EXERCISE GOAL: The response must be a precise copy of the records that follow.

DATA RECORDS:
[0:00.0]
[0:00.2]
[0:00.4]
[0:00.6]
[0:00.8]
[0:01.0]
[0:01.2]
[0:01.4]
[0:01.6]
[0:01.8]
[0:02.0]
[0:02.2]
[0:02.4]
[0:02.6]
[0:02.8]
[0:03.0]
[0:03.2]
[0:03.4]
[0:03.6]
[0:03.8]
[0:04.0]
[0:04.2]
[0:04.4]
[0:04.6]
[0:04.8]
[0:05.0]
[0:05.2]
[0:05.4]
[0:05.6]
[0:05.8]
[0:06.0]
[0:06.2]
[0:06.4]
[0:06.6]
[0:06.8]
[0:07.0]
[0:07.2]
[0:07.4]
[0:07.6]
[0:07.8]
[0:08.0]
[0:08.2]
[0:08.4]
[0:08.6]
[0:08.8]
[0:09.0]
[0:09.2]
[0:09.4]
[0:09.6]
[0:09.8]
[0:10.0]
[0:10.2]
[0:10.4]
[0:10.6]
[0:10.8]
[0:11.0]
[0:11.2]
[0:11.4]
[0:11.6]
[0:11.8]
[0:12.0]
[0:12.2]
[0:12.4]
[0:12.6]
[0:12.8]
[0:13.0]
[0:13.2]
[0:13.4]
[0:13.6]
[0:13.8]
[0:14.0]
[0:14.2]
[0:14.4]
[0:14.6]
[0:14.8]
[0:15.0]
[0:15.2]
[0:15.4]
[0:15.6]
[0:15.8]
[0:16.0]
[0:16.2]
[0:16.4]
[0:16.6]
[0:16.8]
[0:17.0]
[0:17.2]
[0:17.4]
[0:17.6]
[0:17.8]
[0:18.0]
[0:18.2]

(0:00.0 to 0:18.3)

FINAL ANSWER:
[0:00.0]
[0:00.2]
[0:00.4]
[0:00.6]
[0:00.8]
[0:01.0]
[0:01.2]
[0:01.4]
[0:01.6]
[0:01.8]
[0:02.0]
[0:02.2]
[0:02.4]
[0:02.6]
[0:02.8]
[0:03.0]
[0:03.2]
[0:03.4]
[0:03.6]
[0:03.8]
[0:04.0]
[0:04.2]
[0:04.4]
[0:04.6]
[0:04.8]
[0:05.0]
[0:05.2]
[0:05.4]
[0:05.6]
[0:05.8]
[0:06.0]
[0:06.2]
[0:06.4]
[0:06.6]
[0:06.8]
[0:07.0]
[0:07.2]
[0:07.4]
[0:07.6]
[0:07.8]
[0:08.0]
[0:08.2]
[0:08.4]
[0:08.6]
[0:08.8]
[0:09.0]
[0:09.2]
[0:09.4]
[0:09.6]
[0:09.8]
[0:10.0]
[0:10.2]
[0:10.4]
[0:10.6]
[0:10.8]
[0:11.0]
[0:11.2]
[0:11.4]
[0:11.6]
[0:11.8]
[0:12.0]
[0:12.2]
[0:12.4]
[0:12.6]
[0:12.8]
[0:13.0]
[0:13.2]
[0:13.4]
[0:13.6]
[0:13.8]
[0:14.0]
[0:14.2]
[0:14.4]
[0:14.6]
[0:14.8]
[0:15.0]
[0:15.2]
[0:15.4]
[0:15.6]
[0:15.8]
[0:16.0]
[0:16.2]
[0:16.4]
[0:16.6]
[0:16.8]
[0:17.0]
[0:17.2]
[0:17.4]
[0:17.6]
[0:17.8]
[0:18.0]
[0:18.2]

(0:00.0 to 0:18.3)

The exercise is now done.